Problem details => Give the count of lines in the entries that include "window", and write nothing besides it.

The data =>
^^^^
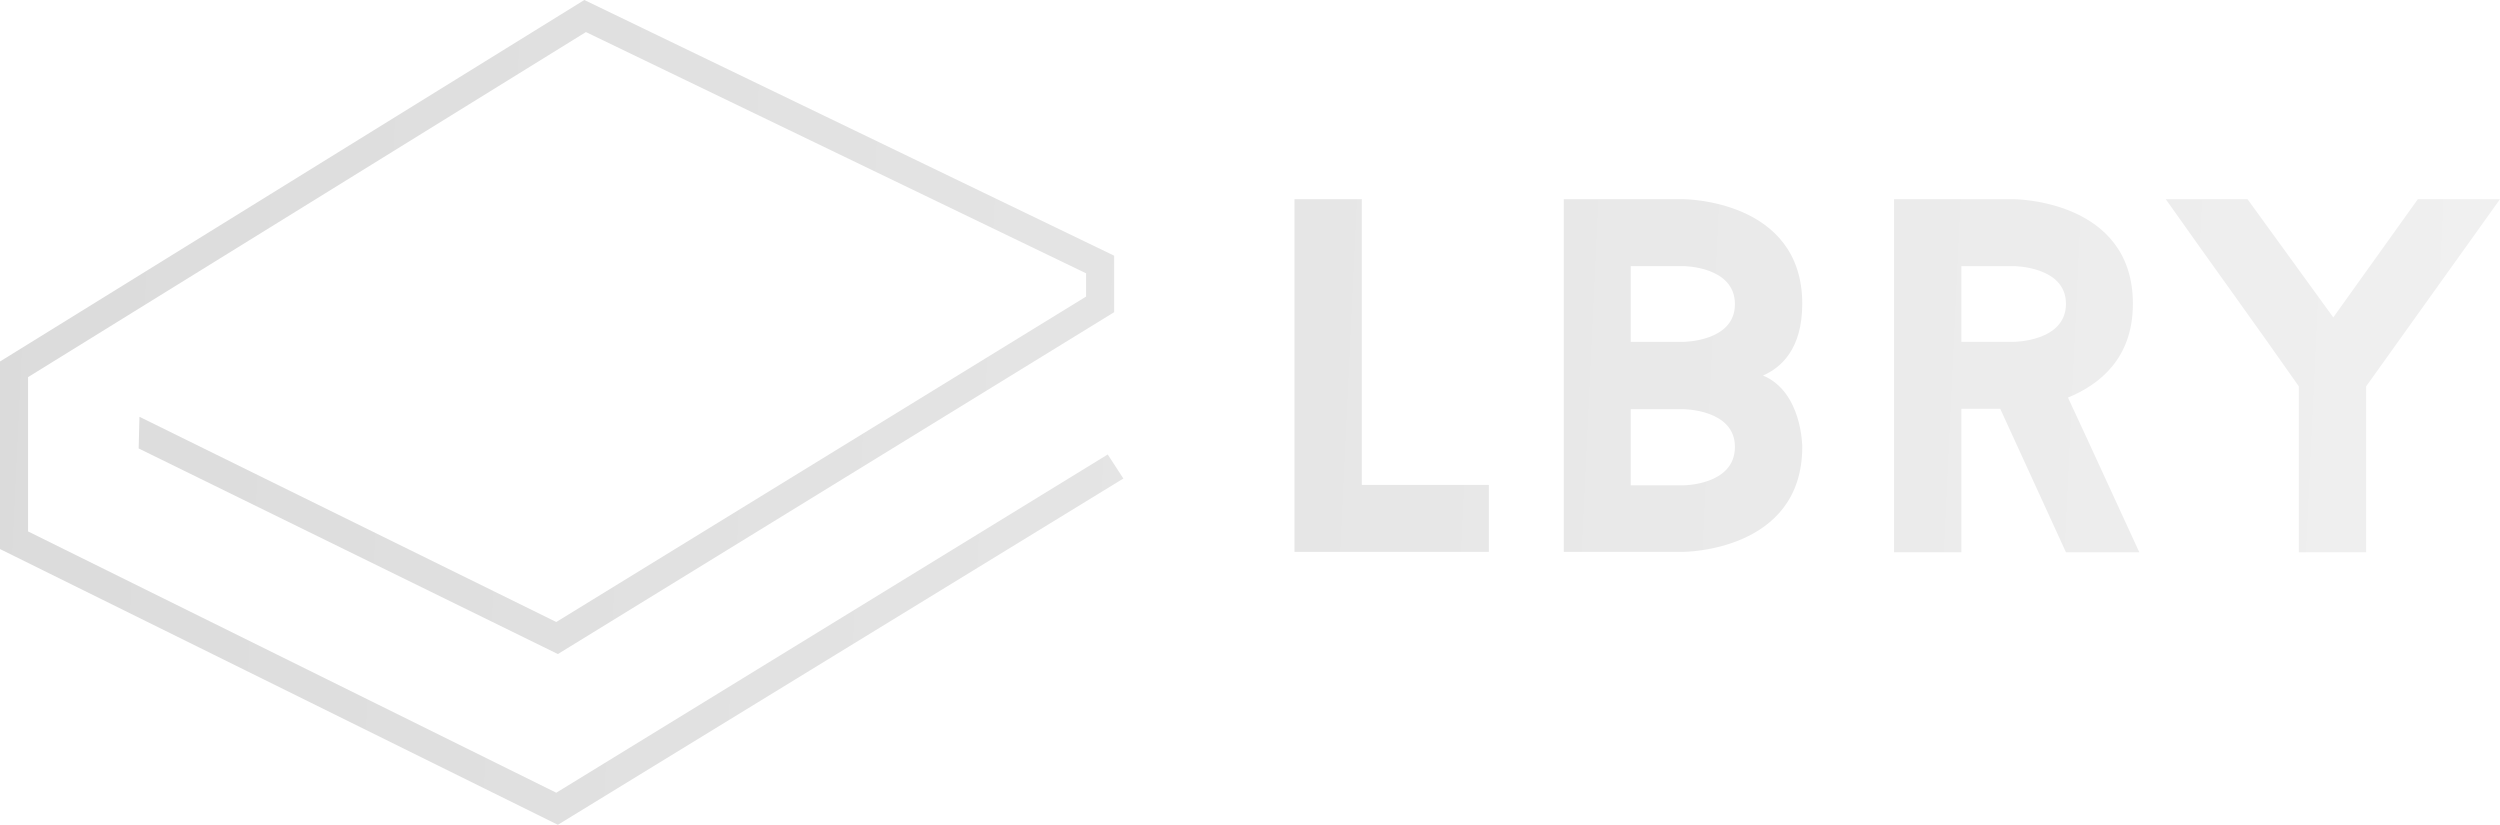 <?xml version="1.0" encoding="UTF-8" standalone="no"?>
<!-- Generator: Adobe Illustrator 18.1.1, SVG Export Plug-In . SVG Version: 6.00 Build 0)  -->

<svg
   xmlns:dc="http://purl.org/dc/elements/1.1/"
   xmlns:cc="http://creativecommons.org/ns#"
   xmlns:rdf="http://www.w3.org/1999/02/22-rdf-syntax-ns#"
   xmlns:svg="http://www.w3.org/2000/svg"
   xmlns="http://www.w3.org/2000/svg"
   xmlns:xlink="http://www.w3.org/1999/xlink"
   xmlns:sodipodi="http://sodipodi.sourceforge.net/DTD/sodipodi-0.dtd"
   xmlns:inkscape="http://www.inkscape.org/namespaces/inkscape"
   version="1.1"
   id="Layer_1"
   x="0px"
   y="0px"
   viewBox="0 0 623.8 205.8"
   enable-background="new 0 0 623.8 205.8"
   xml:space="preserve"
   inkscape:version="0.48.4 r9939"
   width="100%"
   height="100%"
   sodipodi:docname="lbry-white.svg"><defs
     id="defs17"><linearGradient
       id="linearGradient3026"><stop
         style="stop-color:#000000;stop-opacity:0.194;"
         offset="0"
         id="stop3028" /><stop
         style="stop-color:#000000;stop-opacity:0;"
         offset="1"
         id="stop3030" /></linearGradient><linearGradient
       inkscape:collect="always"
       xlink:href="#linearGradient3026"
       id="linearGradient3032"
       x1="-414.442"
       y1="66.94"
       x2="1072.423"
       y2="137.438"
       gradientUnits="userSpaceOnUse" /><linearGradient
       inkscape:collect="always"
       xlink:href="#linearGradient3026"
       id="linearGradient3034"
       x1="-414.442"
       y1="66.94"
       x2="1072.423"
       y2="137.438"
       gradientUnits="userSpaceOnUse" /></defs><sodipodi:namedview
     pagecolor="#ffffff"
     bordercolor="#666666"
     borderopacity="1"
     objecttolerance="10"
     gridtolerance="10"
     guidetolerance="10"
     inkscape:pageopacity="0"
     inkscape:pageshadow="2"
     inkscape:window-width="640"
     inkscape:window-height="480"
     id="namedview15"
     showgrid="false" /><path
     fill="#FFFFFF"
     d="M371.5,120.9v16.8H323V49.7h16.8v71.3H371.5z M439.9,93.7c9.8,4.1,9.8,17.8,9.8,17.8  c0,26.2-29.7,26.2-29.7,26.2h-29.8v-88H420c0,0,29.7,0,29.7,26.1C449.7,87.2,444.3,91.8,439.9,93.7z M406.9,85.3H420  c0,0,12.9,0,12.9-9.4c0-9.5-12.9-9.5-12.9-9.5h-13.1V85.3z M432.9,111.5c0-9.4-12.9-9.4-12.9-9.4h-13.1v19H420  C420,121.1,432.9,121.1,432.9,111.5z M499.1,102h-9.7v35.8h-16.8V49.7h29.8c0,0,29.8,0,29.8,26.1c0,13.7-8.4,20.2-16.2,23.4  c5.7,12.2,12.2,26.5,17.8,38.6h-18.3L499.1,102z M489.4,85.3h13c0,0,13.1,0,13.1-9.5c0-9.4-13.1-9.4-13.1-9.4h-13V85.3z M623.8,49.7  l-33.4,46.7v41.4h-16.8V96.4c-10.4-14.9-22.7-31.8-33.2-46.7h20.4l21.4,29.5l21.1-29.5H623.8z"
     id="path3"
     style="fill-opacity:1;fill:url(#linearGradient3034)" /><g
     id="g5"
     style="fill-opacity:1;fill:url(#linearGradient3032)"><g
       id="g7"
       style="fill-opacity:1;fill:url(#linearGradient3032)"><polygon
         fill="#FFFFFF"
         points="139.2,205.8 0,137 0,90.2 145.8,0 278,63.8 278,77.9 139.2,163.2 34.6,111.9 34.8,104     138.8,155.2 271,74 271,68.2 146.2,8 7,94.1 7,132.6 138.8,197.8 276.4,113.4 280.3,119.4   "
         id="polygon9"
         style="fill-opacity:1;fill:url(#linearGradient3032)" /></g><g
       id="g11"
       style="fill-opacity:1;fill:url(#linearGradient3032)"><polygon
         fill="#FFFFFF"
         points="267.1,108.9 284.2,111.8 281.4,129.3 276.5,128.5 278.5,115.9 266.3,113.8   "
         id="polygon13"
         style="fill-opacity:1;fill:url(#linearGradient3032)" /></g></g></svg>
^^^^
Output => 2